O relatório da comissão recomendou o indiciamento do ministro da Saúde por dois crimes previstos no Código Penal: epidemia com resultado de morte e prevaricação.

Queiroga defendeu reiteradamente, mesmo nos momentos de maior gravidade da pandemia, o fim da obrigatoriedade do uso de máscara.

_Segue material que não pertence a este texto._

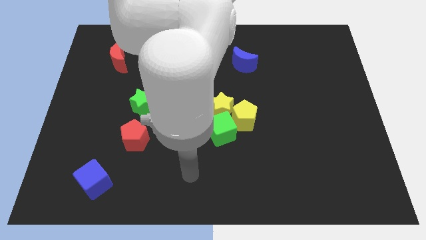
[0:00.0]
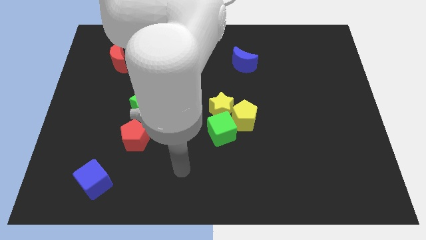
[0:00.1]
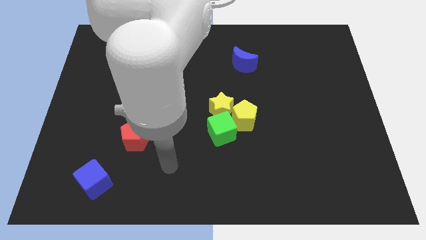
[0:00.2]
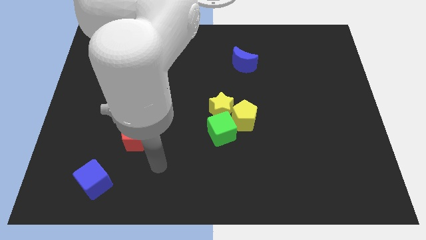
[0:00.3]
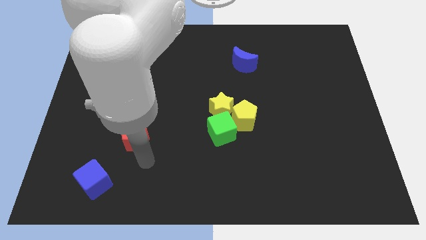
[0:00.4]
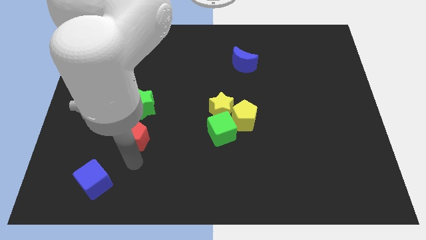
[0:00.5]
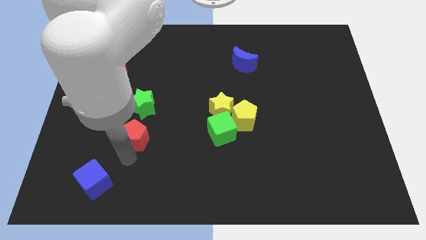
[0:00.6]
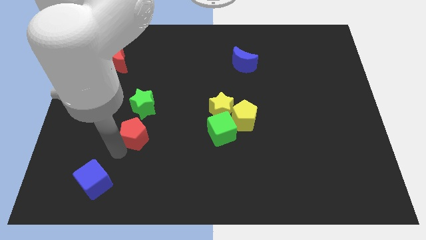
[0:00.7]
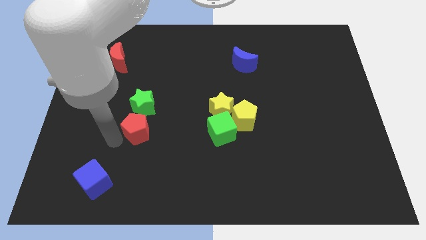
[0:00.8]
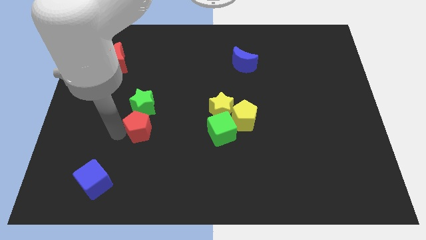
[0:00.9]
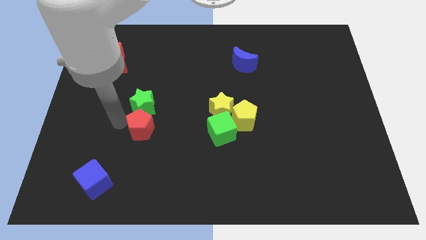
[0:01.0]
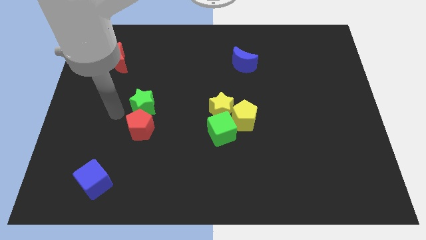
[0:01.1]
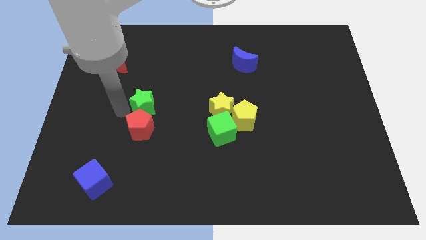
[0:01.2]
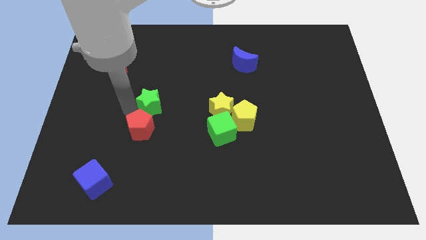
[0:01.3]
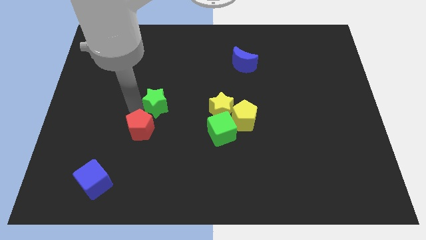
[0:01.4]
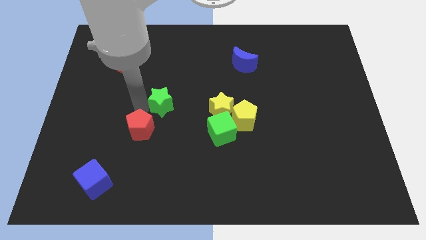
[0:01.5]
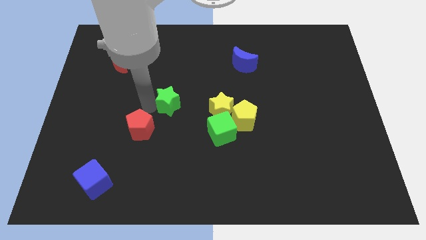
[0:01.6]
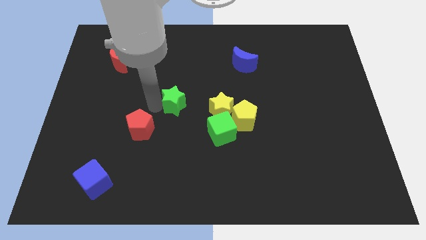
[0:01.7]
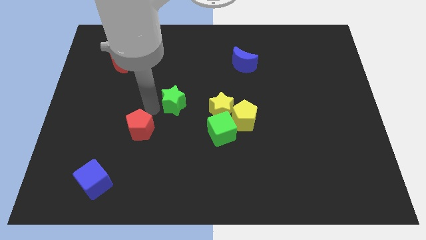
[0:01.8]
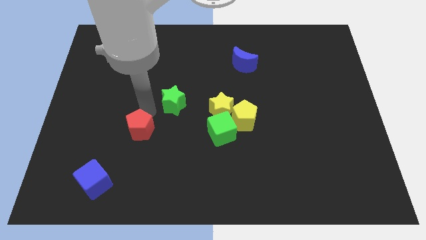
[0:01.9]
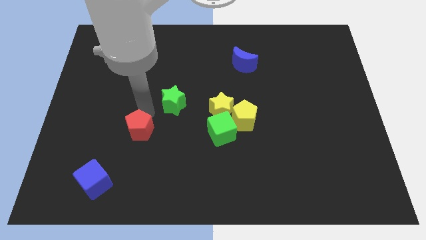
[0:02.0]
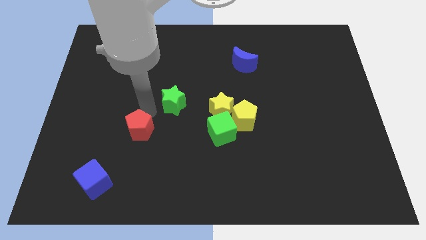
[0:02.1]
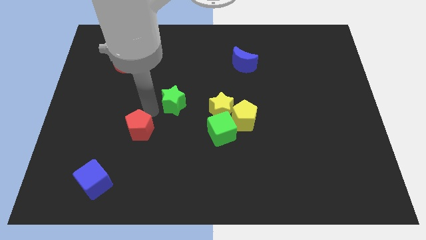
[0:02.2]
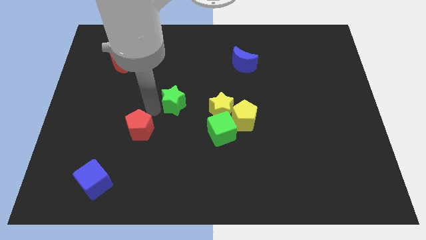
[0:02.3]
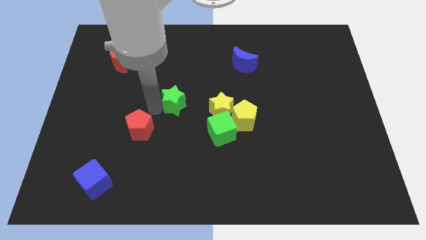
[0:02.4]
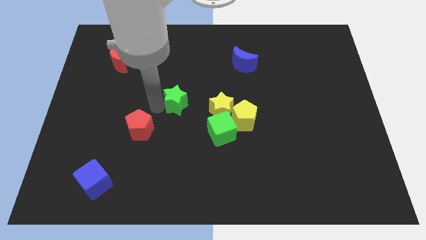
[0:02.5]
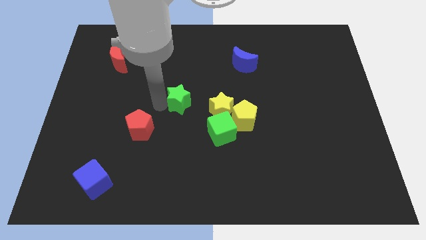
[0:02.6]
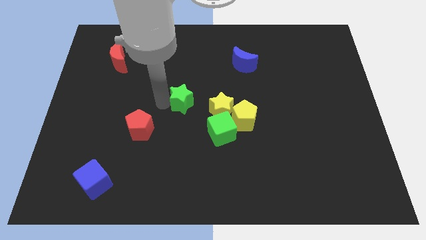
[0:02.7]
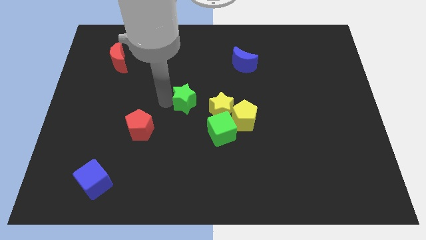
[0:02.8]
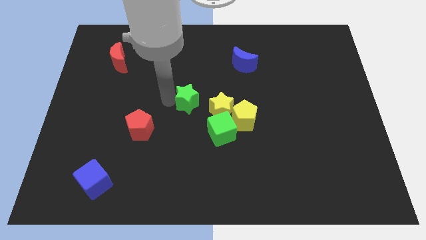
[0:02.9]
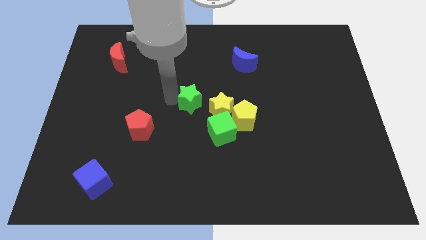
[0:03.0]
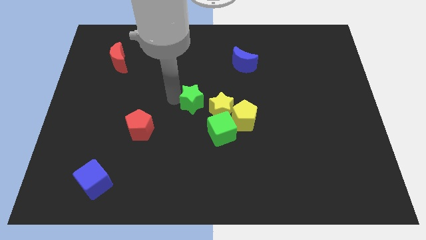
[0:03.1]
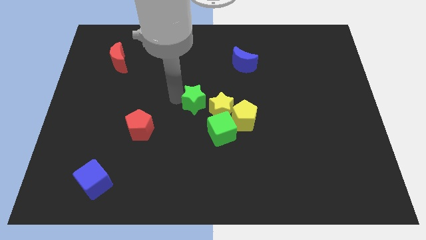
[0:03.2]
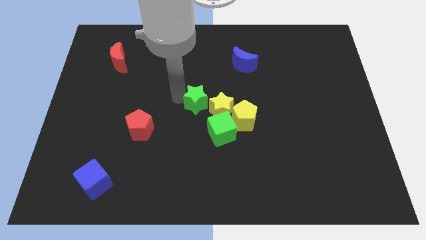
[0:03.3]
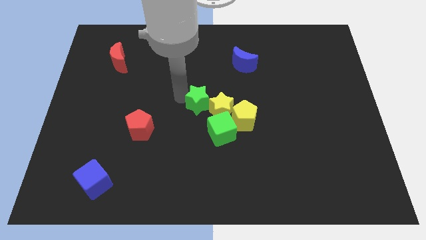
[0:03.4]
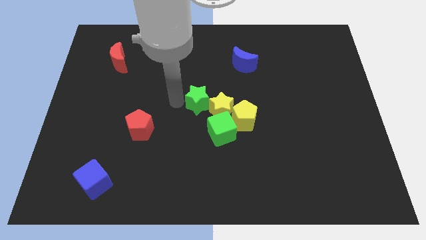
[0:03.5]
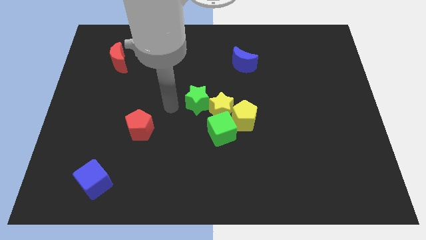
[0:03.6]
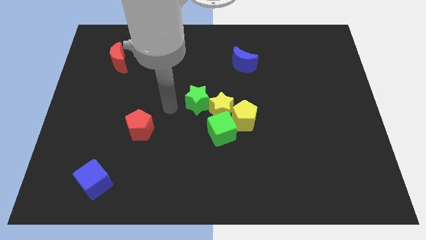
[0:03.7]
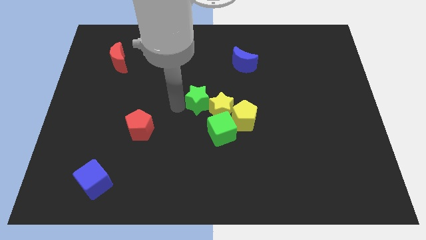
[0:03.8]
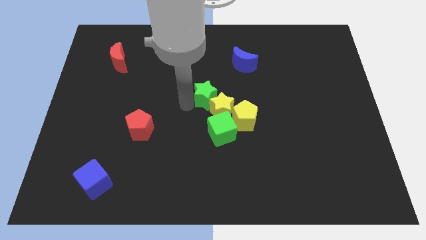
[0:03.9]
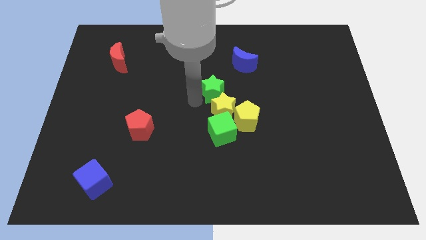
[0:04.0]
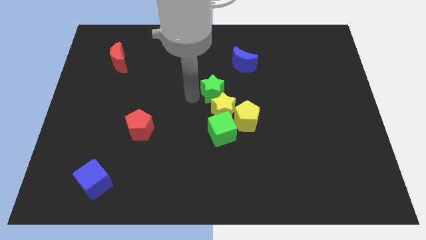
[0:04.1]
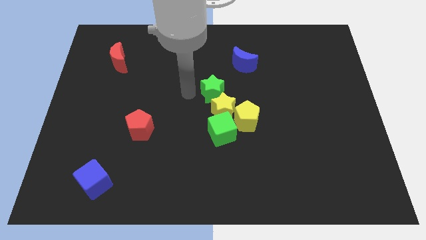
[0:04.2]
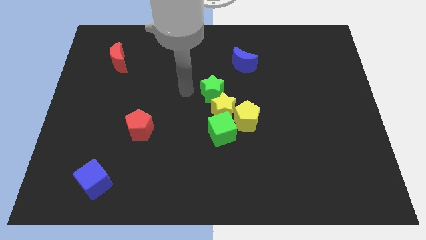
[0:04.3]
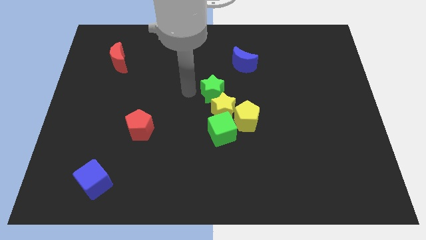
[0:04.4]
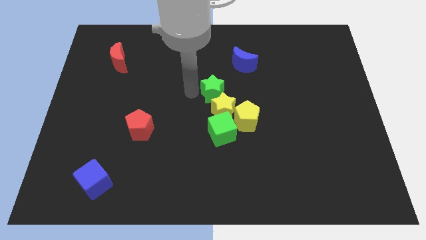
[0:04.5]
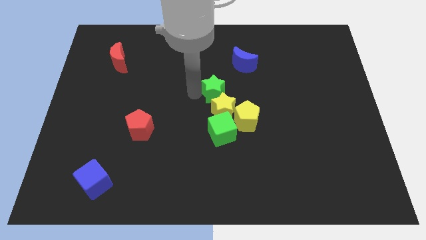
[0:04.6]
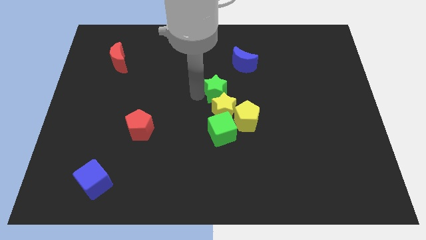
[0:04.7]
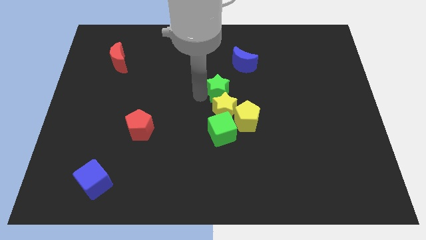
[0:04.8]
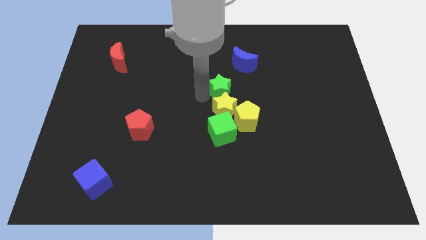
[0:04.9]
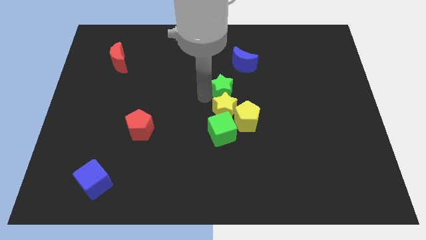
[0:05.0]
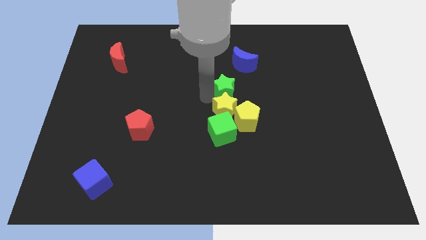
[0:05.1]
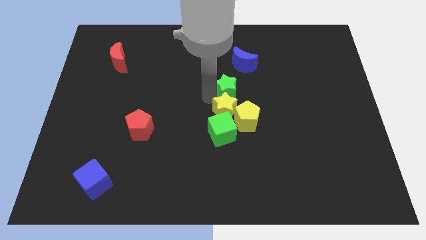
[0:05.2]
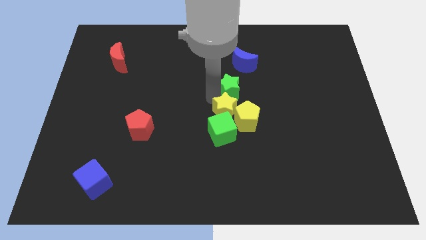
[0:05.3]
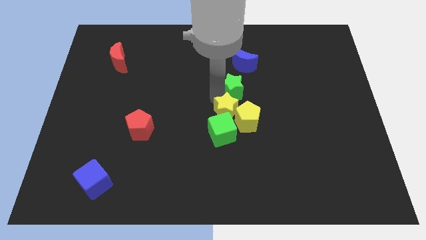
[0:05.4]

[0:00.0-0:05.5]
move the green star right

Além disso, o ministro insiste em criar barreiras para que a vacinação de crianças e adolescentes decole.

Nesta quinta-feira 23, uma semana depois de a Anvisa liberar o uso da vacina da Pfizer para crianças de 5 a 11 anos, que as mortes pela doença nessa faixa etária estão em nível que não demanda “decisões emergenciais”. O Ministério da Saúde, contudo, abriu uma consulta popular sobre o início da aplicação de vacinas nessa faixa etária. A decisão sobre autorizar ou não a vacinação infantil só será anunciada em 5 de janeiro.

“Os óbitos em crianças [por covid-19] estão absolutamente dentro de um patamar que não implica em decisões emergenciais. Ou seja, favorece o Ministério da Saúde, que tem que tomar suas decisões em evidências científicas de qualidade”, afirmou Queiroga a jornalistas. “Felizmente, o número de óbitos nessa faixa etária é baixa. Isso quer dizer que não devemos nos preocupar? Claro que não. Mas mesmo que as vacinas começassem a ser aplicadas amanhã, isso não teria o condão de resolver o problema de forma retrospectiva.”

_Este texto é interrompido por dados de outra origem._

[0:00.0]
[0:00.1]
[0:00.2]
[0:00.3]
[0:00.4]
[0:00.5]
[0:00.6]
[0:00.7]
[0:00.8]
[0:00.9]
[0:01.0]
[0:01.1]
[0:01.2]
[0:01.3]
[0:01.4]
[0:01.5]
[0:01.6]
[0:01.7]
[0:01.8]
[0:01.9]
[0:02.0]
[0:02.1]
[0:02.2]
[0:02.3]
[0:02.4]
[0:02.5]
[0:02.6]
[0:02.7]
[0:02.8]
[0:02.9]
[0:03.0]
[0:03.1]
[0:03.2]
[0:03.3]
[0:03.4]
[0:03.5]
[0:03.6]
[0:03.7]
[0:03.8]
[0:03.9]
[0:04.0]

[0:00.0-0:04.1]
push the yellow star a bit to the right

Queiroga fez questão de demonstrar suas semelhanças com Pazuello – e com Bolsonaro – até em terras estrangeiras.  Em setembro, viajou a Nova York com o chefe para a Assembleia-Geral das Nações Unidas. Ao encontrar manifestantes contrários ao governo nos Estados Unidos, não hesitou em mostrar, do interior de um automóvel, o dedo do meio. A imagem rodou o mundo.

No final de outubro, debochou das acusações de crimes contra a humanidade imputados a Bolsonaro pela CPI da Covid, durante conversa, em Roma, com o diretor-geral da Organização Mundial da Saúde, Tedros Adhanom.

Em dado momento de um breve diálogo às margens da cúpula do G-20, Bolsonaro afirmou ser “o único chefe de Estado do mundo que está sendo investigado, acusado de genocida.” Queiroga, então, emendou: “Eu também. Vou com ele [Bolsonaro] para Haia. Vamos passear lá”.

Para o deputado federal Alexandre Padilha (PT-SP), ex-ministro da Saúde, Queiroga é “um Pazuello de jaleco e sem máscara”.

“Se Bolsonaro tentou calar o SUS com a força das Forças Armadas, com Queiroga tentou fazê-lo usando um médico. Quem aceita servir a Bolsonaro, a cada dia vai se transfigurando com alma, atitudes e pensamentos bolsonaristas”, definiu o petista.

Análise semelhante faz o médico infectologista José David Urbaez, da Sociedade Brasileira de Infectologia em Brasília. Para ele, é “fora de perspectiva” esperar algo diferente de um ministro da Saúde que trabalha para o governo Bolsonaro.

“Queiroga apenas é uma repetição de todas as práticas do próprio Pazuello e fundamentalmente segue o molde cuja diretriz advém da Presidência da República. A única diferença é que nós, médicos, ficamos muito mais indignados pela posição absolutamente distante do que se esperaria de um profissional dessa área, em termos éticos”, afirma Urbaez.

“Quando tínhamos uma pessoa da área militar, isso em tese ficaria perdoado pela falta de treinamento daquele profissional. No caso de Queiroga é realmente um sinônimo de revolta e indignação para nós, médicos.”

Por ter seguido as ordens de Bolsonaro, sem jamais confrontar o ex-capitão publicamente, Queiroga encerra o ano de 2021 podendo, quem sabe, se lançar à Câmara dos Deputados, ao Senado ou ao governo da Paraíba sob apoio da base que sustenta o atual governo. Terá valido a pena?